The story has a happy ending. Outside the community of economists Daly has received many honors. Their ostracism of him has not prevented him from getting his word out. For many years he has been in great demand as a speaker. He holds an honored place in the Society for Ecological Economics, which is quite large, even if few leading members of the economics profession belong. And finally his friend raised special funds to bring Daly to a chair so defined that it did not require the approval of the local economists. I tell the story not so that you will feel sorry for him but that you will see the strength of the resistance to consideration of alternative assumptions. Perhaps the economists are right, and the only place where this can take place is in schools of theology.

6. Alternative assumptions in theology

The chances of reconsideration of assumptions increases if the members of a discipline study its history. This is because historical study tends to relativize everything it studies.
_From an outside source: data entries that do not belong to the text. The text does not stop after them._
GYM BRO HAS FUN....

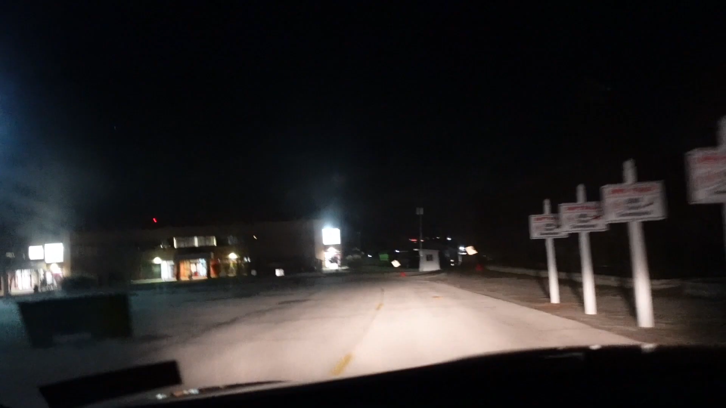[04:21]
Yeah, back on the beat one time. You guys have no clue where we're at right now.
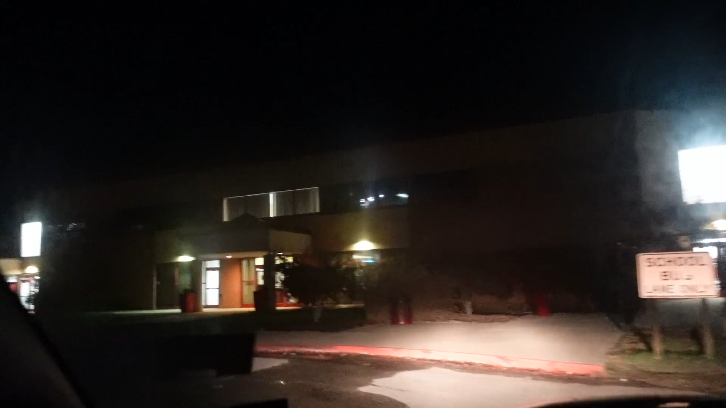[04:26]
This is literally my high school, bro. West Virginia, 21st century school of excellence, bro. It's so weird being back here.
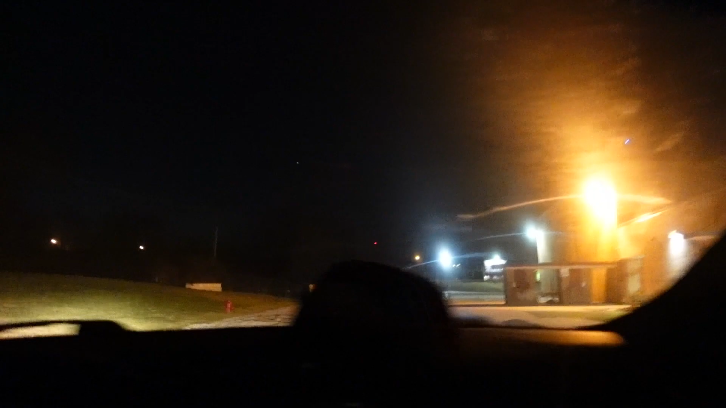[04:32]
Hopefully sometimes there's cops that sit back here.
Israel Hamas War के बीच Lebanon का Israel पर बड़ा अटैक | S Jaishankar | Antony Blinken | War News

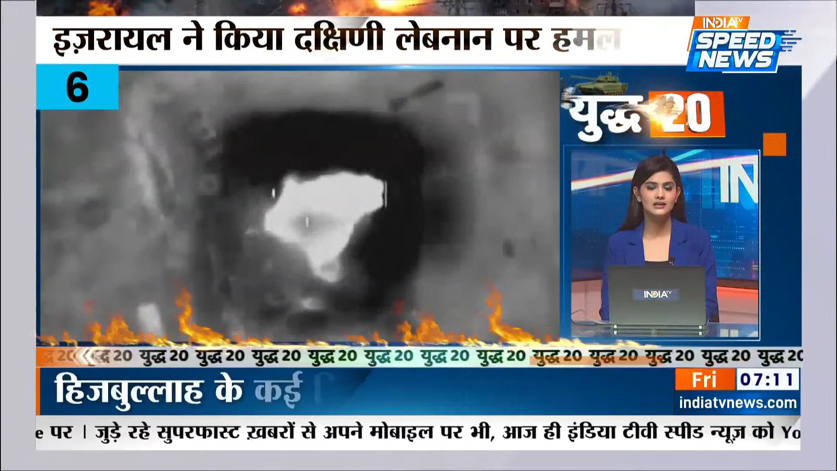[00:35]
हिस्बोला के कई ठिकानों को किया गया टाकिट इस्राइली सेना ने दक्षिनी लिबनान पर हमले का विडियो जारी किया कई इमारते तभा हुई जंगल
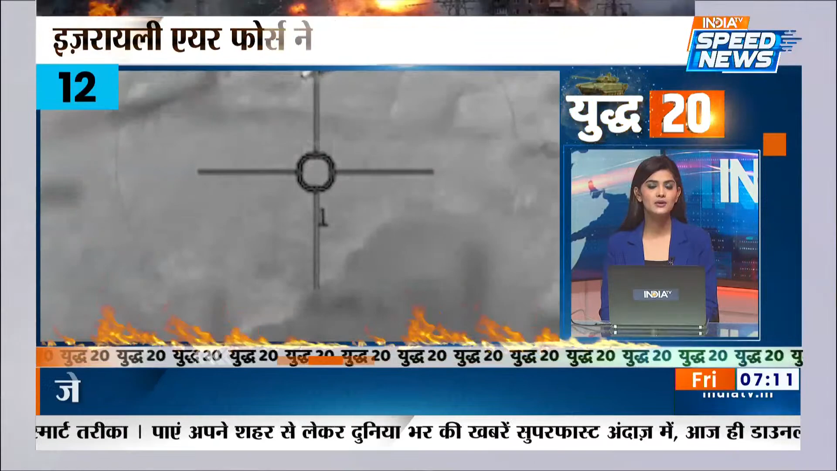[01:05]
क्रूज मिजाइल को किया इंटरसेप्ट जिट ने पीछा कर हवा में किया तबहा विदेश मंत्री अज़र शंकर ने 7 अक्टूबर को इस्राइल पर हुए हमास के हमले की निंदा की,

We see that the assumptions of physics developed in the effort to exclude teleology from nature, not because there was empirical evidence that purposes played not rules in the natural world but because the medieval preoccupation with teleology was an obstacle to progress. One might then judge that the exclusion of animal purposes from the study of animal behavior today is an obstacle to progress that requires a changed model. But those who do not know their history assume that "science" eternally requires mechanism. That there are courses in the history of a number of disciplines, taught as part of the study of those disciplines, holds promise. But in general these courses are too marginalized to have been effective.

Perhaps the topic in which the study of history and the development of conclusions are most closely intertwined is theology. Work is not theological if it is not intentionally and explicitly rooted in a tradition. The study of the tradition is not theological if it does not raise questions about fundamental assumptions. Everyone must select from the tradition what parts to employ and study. But there must be some acknowledgment of the reasons for that choice and the way one will now relate to that particular past. What authority does it have? How will that be related to other authorities? What assumptions underlie those choices?
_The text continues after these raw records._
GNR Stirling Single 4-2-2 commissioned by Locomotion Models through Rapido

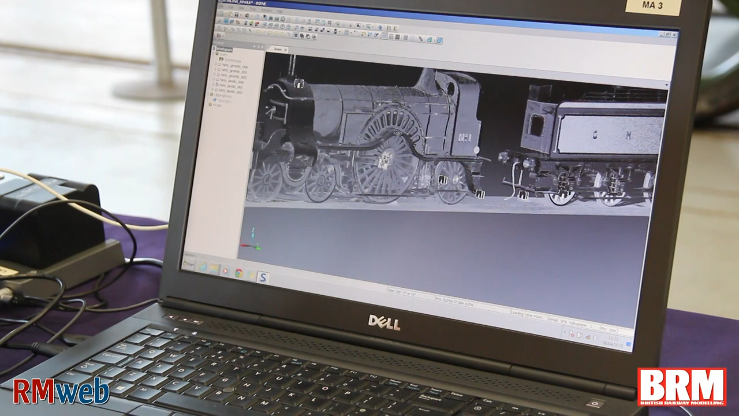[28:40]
come in all over the place nothing lines up so the first thing we do is we have to basically coax
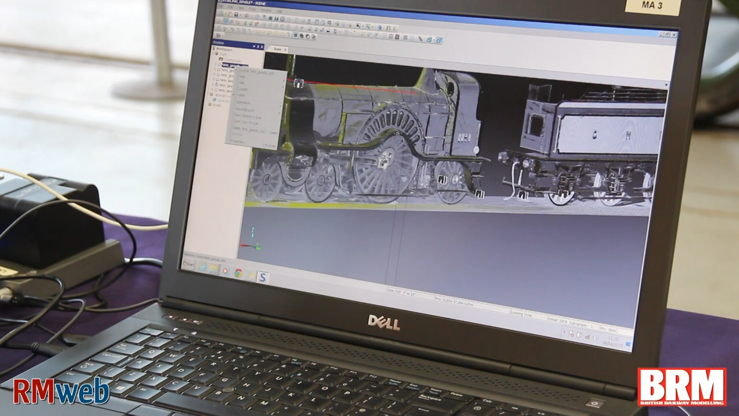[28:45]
each individual scan in a three-dimensional workspace to occupy the
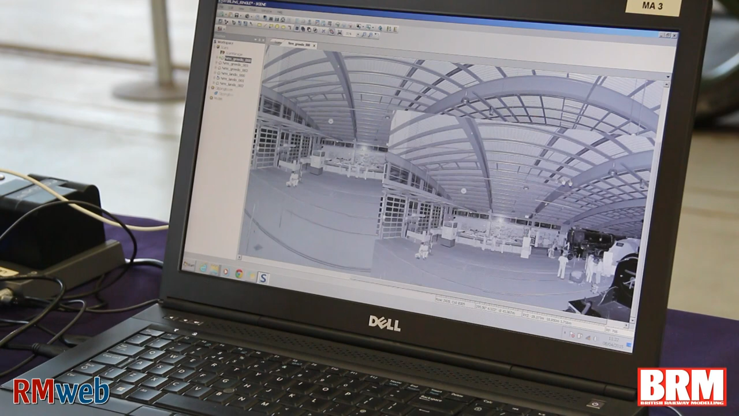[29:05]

Obviously not all theologians pursue these questions with equal vigor. At one extreme, some state that they accept the Bible as the infallible word of God and see their task as expounding its content. Even so, they cannot avoid some further reflection about assumptions. On what basis do they accept this extreme version of biblical authority? Which now available texts do they accept as most likely to accord with the original inspired ones? Why? How will they deal with the innumerable, and apparently conflicting, differences within the Bible. To what extent will they take the historical context into account when trying to understand the meanings of Hebrew or Greek words?
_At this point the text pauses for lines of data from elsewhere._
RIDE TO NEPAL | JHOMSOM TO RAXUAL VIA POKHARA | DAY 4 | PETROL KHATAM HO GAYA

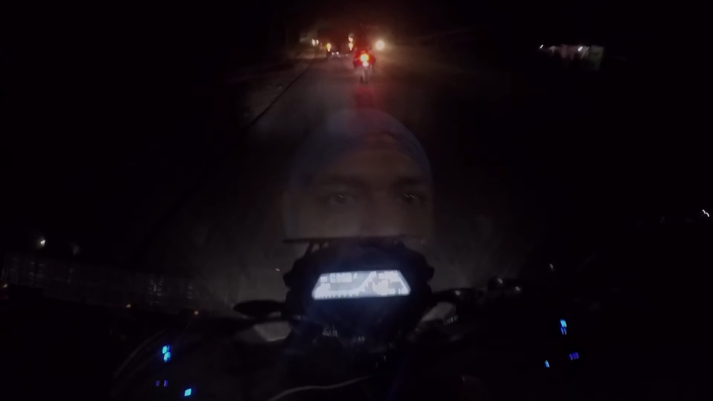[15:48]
और क्रिसमस के नाइट पे हम लोग कर रहे हैं राइड बैक टू
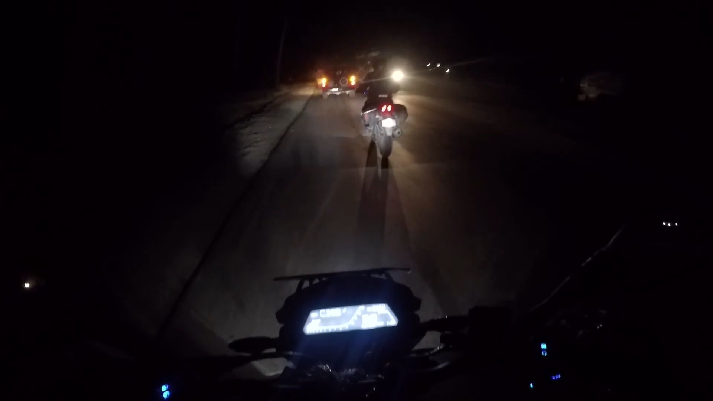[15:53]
रक्सौल, विच इज़ अराउंड 100 किलोमीटर्स फ्रॉम हियर। इट विल टेक 2.5 hours टू रीच देयर बिकॉज ऑफ द माउंटेन एरियाज एंड द रोड विच यू आर सीइंग राइट नाउ। वी कैन क्रूज एट 70 and 80s, बट बियॉन्ड दैट इज़ नॉट पॉसिबल। And some bad patches is also there in this road, so we have to be careful.
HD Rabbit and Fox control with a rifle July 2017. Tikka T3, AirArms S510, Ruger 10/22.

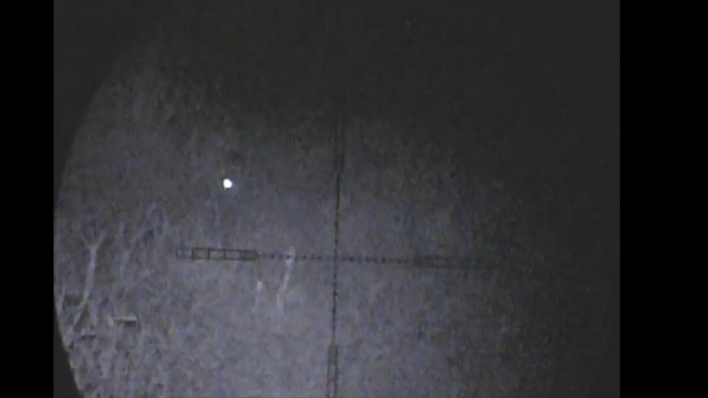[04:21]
And there it is thank god for that.
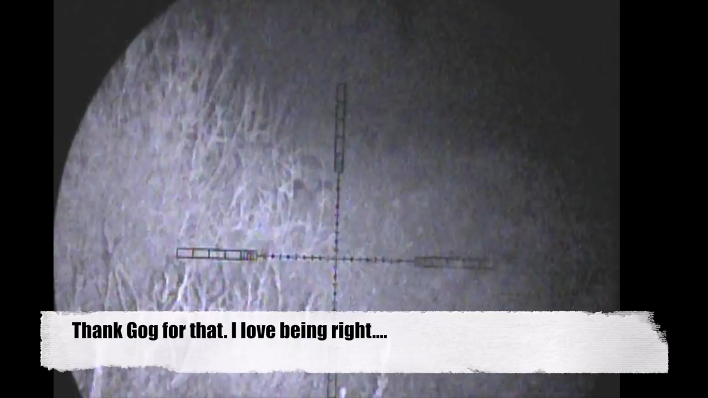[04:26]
The trouble is now though it turns and goes back through the field meaning all of this brush on my left is just too
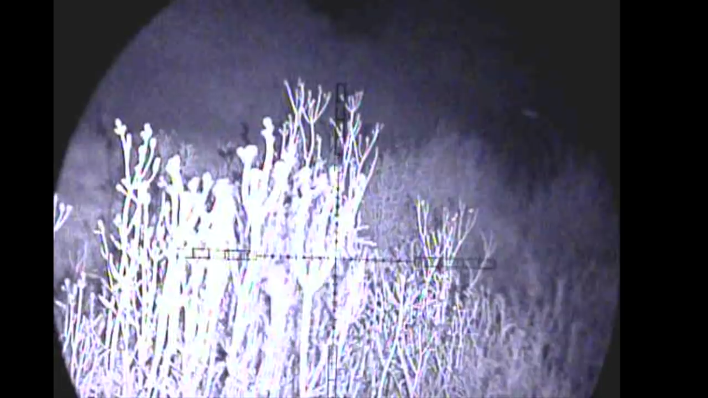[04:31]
thick to shoot through so I take a couple of steps to the right to be able to get a good sight picture in between a gap somewhere.
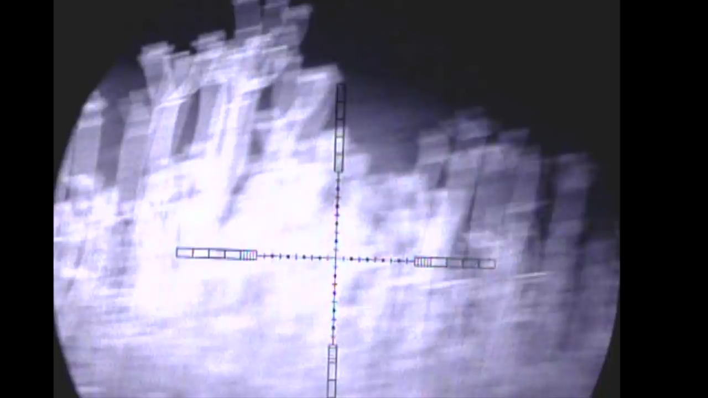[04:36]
I just don't need it too close.
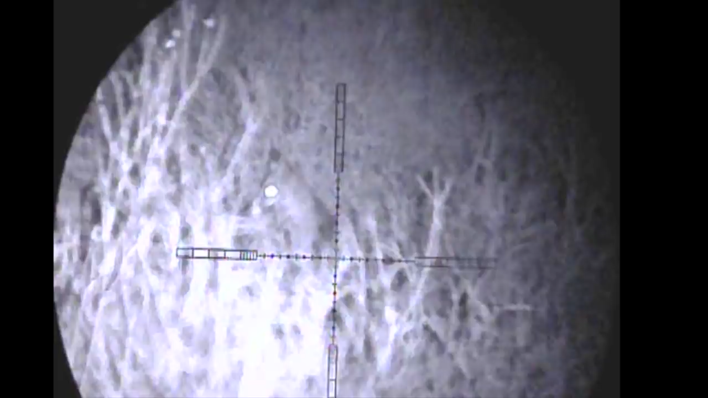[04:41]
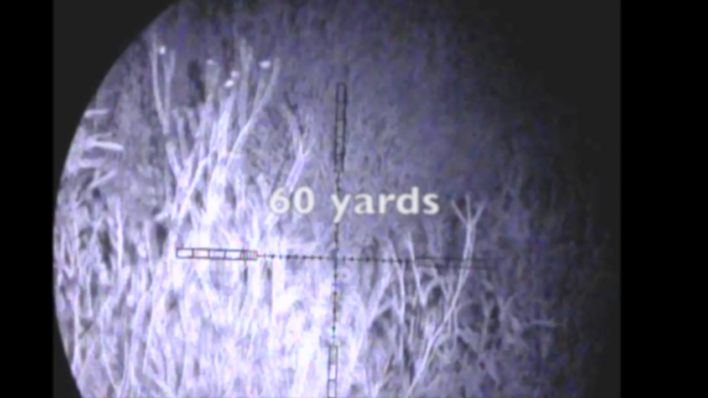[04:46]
And there she is as she lays in the field a very fat vixen.
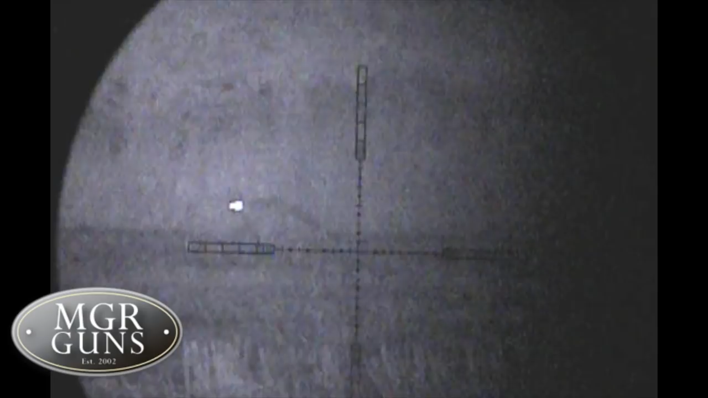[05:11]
Having not been over here for a few months I was kind of expecting to see something. Sure enough I'd only been there 2 minutes and there were 2 foxes as well as a fist full of rabbits in this field.
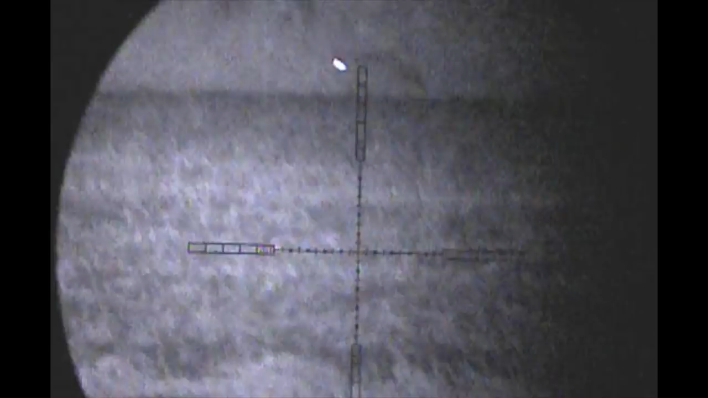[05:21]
After a moment or 2's hesitation this fox finally comes bounding across to the best fox call mouth call.
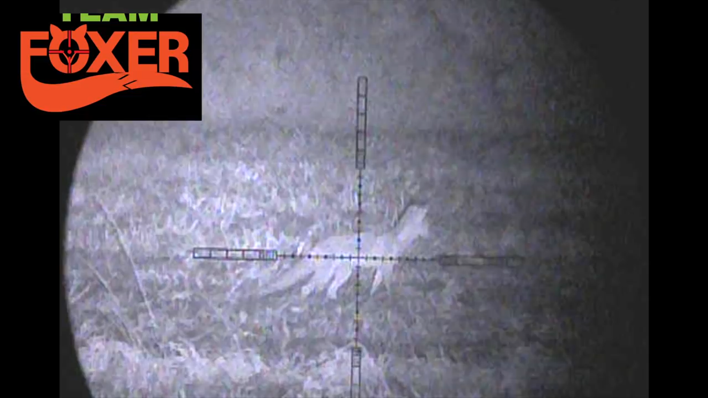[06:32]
and pull the gun to the right and take the shot as my crosshair hits the sweet spot.
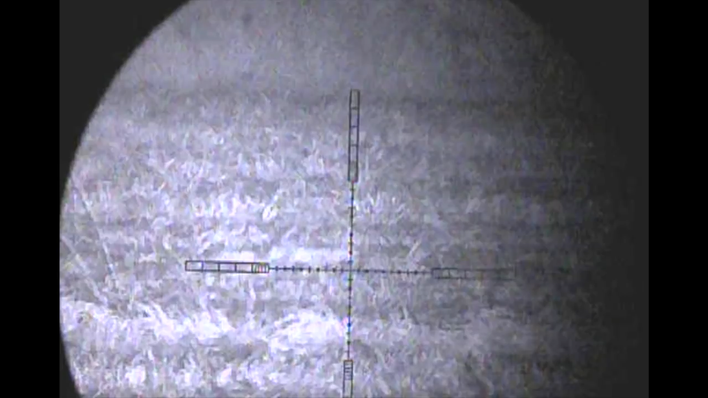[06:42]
As soon as I'd taken the shot I lamped the rest of the field to see fox number 2 still stood at the edge of the field.
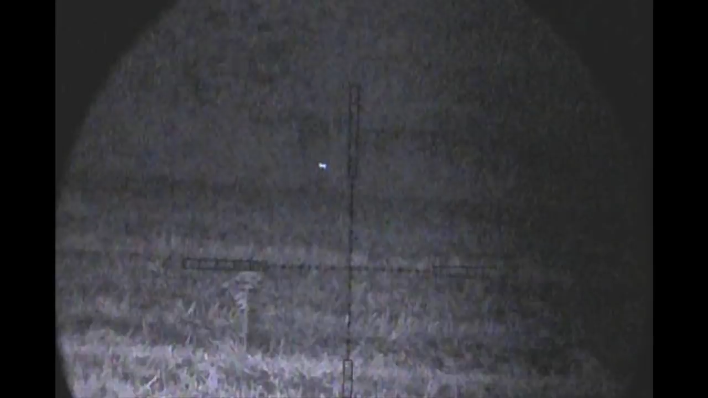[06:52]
So I kept calling and fox number 2 came in a treat also.
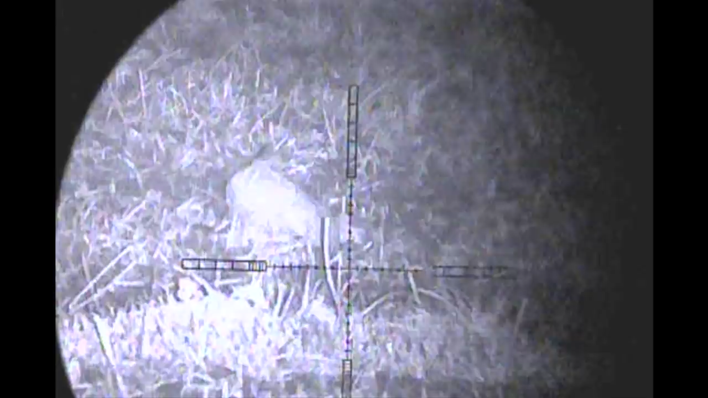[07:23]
Believe it or not this fox had an exit hole the size of a rugby ball on the other side.
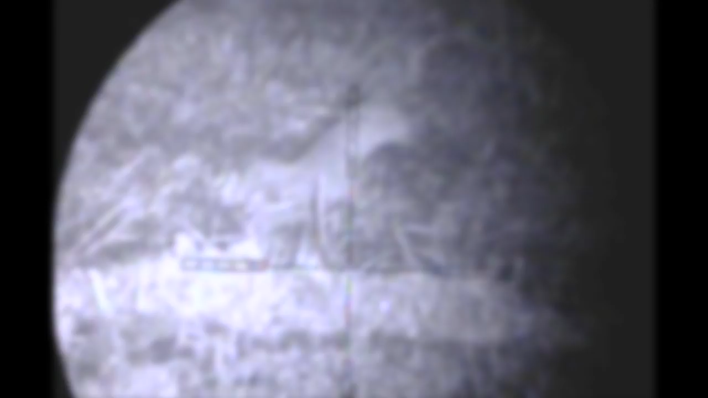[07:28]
It's quite amazing how he managed to flap around so much.

Of course, most theologians make no such extreme claim about any one authoritative text. Their grounds for concluding as they do on the topics they treat are far more complex. They must become conscious of a wider range of assumptions if they are to think responsibly. If they think about their own tradition in the light of religious pluralism, the need to consider the basic assumptions of diverse traditions becomes even more important. All assumptions are relativized still further.

This theological situation has made it easier to get a hearing for process thought in theology than in most other disciplines. Process theologians can share with other critics in pointing out that classical theism developed its doctrines on assumptions derived from Greek rather that biblical thought. This does not make them wrong, but it opens the door to their reexamination. The Greeks considered apatheia a virtue. Most Greek schools sought an inner state that was not vulnerable to hurt by the words or opinions of others. Accordingly they attributed to God a complete transcendence of the suffering of the world. God was eternally, totally blessed, unaffected by anything that happened to creatures. Christian theologians officially adopted this view. God is supposed to be immutable and impassible.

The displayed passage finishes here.